**Problem details:** The lines from the start of the data up to and including the one with "ཡོད་ན་དགག་བྱ་ས" should be returned exactly, and nothing else.

[Entries provided]

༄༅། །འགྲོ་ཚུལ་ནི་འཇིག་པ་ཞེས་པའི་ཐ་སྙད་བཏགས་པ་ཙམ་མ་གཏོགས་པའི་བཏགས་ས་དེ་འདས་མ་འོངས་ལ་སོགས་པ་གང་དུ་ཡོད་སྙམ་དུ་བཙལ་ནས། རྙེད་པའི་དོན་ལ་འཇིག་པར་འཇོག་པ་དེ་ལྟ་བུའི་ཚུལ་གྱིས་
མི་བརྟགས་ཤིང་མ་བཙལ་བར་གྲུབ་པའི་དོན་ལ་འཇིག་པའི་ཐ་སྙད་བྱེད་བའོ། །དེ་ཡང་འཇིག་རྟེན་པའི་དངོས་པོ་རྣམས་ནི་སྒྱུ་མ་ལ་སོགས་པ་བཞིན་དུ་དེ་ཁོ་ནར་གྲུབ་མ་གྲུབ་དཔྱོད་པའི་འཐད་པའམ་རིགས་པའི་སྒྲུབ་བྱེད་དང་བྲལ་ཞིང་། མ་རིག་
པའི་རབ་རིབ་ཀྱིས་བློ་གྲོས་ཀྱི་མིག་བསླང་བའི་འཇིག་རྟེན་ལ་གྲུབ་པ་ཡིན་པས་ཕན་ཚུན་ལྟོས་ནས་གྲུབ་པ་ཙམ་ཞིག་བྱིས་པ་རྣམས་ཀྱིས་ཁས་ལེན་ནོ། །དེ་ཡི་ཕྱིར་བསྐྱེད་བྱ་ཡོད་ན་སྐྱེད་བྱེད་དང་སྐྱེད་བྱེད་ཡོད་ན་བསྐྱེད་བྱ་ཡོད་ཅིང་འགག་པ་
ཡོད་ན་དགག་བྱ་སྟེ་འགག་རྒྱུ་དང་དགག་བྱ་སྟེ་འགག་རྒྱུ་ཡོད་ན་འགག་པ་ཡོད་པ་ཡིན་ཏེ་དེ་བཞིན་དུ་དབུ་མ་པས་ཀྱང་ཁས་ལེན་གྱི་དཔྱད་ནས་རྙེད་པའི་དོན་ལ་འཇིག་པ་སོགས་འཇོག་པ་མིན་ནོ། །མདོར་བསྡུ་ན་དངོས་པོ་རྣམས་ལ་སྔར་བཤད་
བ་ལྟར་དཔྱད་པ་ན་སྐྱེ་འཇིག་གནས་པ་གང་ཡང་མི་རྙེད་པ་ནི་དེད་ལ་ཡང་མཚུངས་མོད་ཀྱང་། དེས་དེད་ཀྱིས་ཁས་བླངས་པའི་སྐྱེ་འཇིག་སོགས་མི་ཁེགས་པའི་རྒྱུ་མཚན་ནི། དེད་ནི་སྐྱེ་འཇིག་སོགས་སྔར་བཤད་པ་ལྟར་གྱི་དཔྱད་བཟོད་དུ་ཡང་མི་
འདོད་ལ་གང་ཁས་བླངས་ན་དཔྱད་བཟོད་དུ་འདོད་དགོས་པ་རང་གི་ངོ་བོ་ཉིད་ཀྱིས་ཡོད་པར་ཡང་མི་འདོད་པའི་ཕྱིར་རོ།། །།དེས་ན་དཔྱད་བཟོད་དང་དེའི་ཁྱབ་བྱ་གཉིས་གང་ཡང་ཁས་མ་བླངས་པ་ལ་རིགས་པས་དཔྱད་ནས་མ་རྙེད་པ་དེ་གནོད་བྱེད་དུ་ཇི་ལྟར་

[/Entries provided]

**Output for this task:**
༄༅། །འགྲོ་ཚུལ་ནི་འཇིག་པ་ཞེས་པའི་ཐ་སྙད་བཏགས་པ་ཙམ་མ་གཏོགས་པའི་བཏགས་ས་དེ་འདས་མ་འོངས་ལ་སོགས་པ་གང་དུ་ཡོད་སྙམ་དུ་བཙལ་ནས། རྙེད་པའི་དོན་ལ་འཇིག་པར་འཇོག་པ་དེ་ལྟ་བུའི་ཚུལ་གྱིས་
མི་བརྟགས་ཤིང་མ་བཙལ་བར་གྲུབ་པའི་དོན་ལ་འཇིག་པའི་ཐ་སྙད་བྱེད་བའོ། །དེ་ཡང་འཇིག་རྟེན་པའི་དངོས་པོ་རྣམས་ནི་སྒྱུ་མ་ལ་སོགས་པ་བཞིན་དུ་དེ་ཁོ་ནར་གྲུབ་མ་གྲུབ་དཔྱོད་པའི་འཐད་པའམ་རིགས་པའི་སྒྲུབ་བྱེད་དང་བྲལ་ཞིང་། མ་རིག་
པའི་རབ་རིབ་ཀྱིས་བློ་གྲོས་ཀྱི་མིག་བསླང་བའི་འཇིག་རྟེན་ལ་གྲུབ་པ་ཡིན་པས་ཕན་ཚུན་ལྟོས་ནས་གྲུབ་པ་ཙམ་ཞིག་བྱིས་པ་རྣམས་ཀྱིས་ཁས་ལེན་ནོ། །དེ་ཡི་ཕྱིར་བསྐྱེད་བྱ་ཡོད་ན་སྐྱེད་བྱེད་དང་སྐྱེད་བྱེད་ཡོད་ན་བསྐྱེད་བྱ་ཡོད་ཅིང་འགག་པ་
ཡོད་ན་དགག་བྱ་སྟེ་འགག་རྒྱུ་དང་དགག་བྱ་སྟེ་འགག་རྒྱུ་ཡོད་ན་འགག་པ་ཡོད་པ་ཡིན་ཏེ་དེ་བཞིན་དུ་དབུ་མ་པས་ཀྱང་ཁས་ལེན་གྱི་དཔྱད་ནས་རྙེད་པའི་དོན་ལ་འཇིག་པ་སོགས་འཇོག་པ་མིན་ནོ། །མདོར་བསྡུ་ན་དངོས་པོ་རྣམས་ལ་སྔར་བཤད་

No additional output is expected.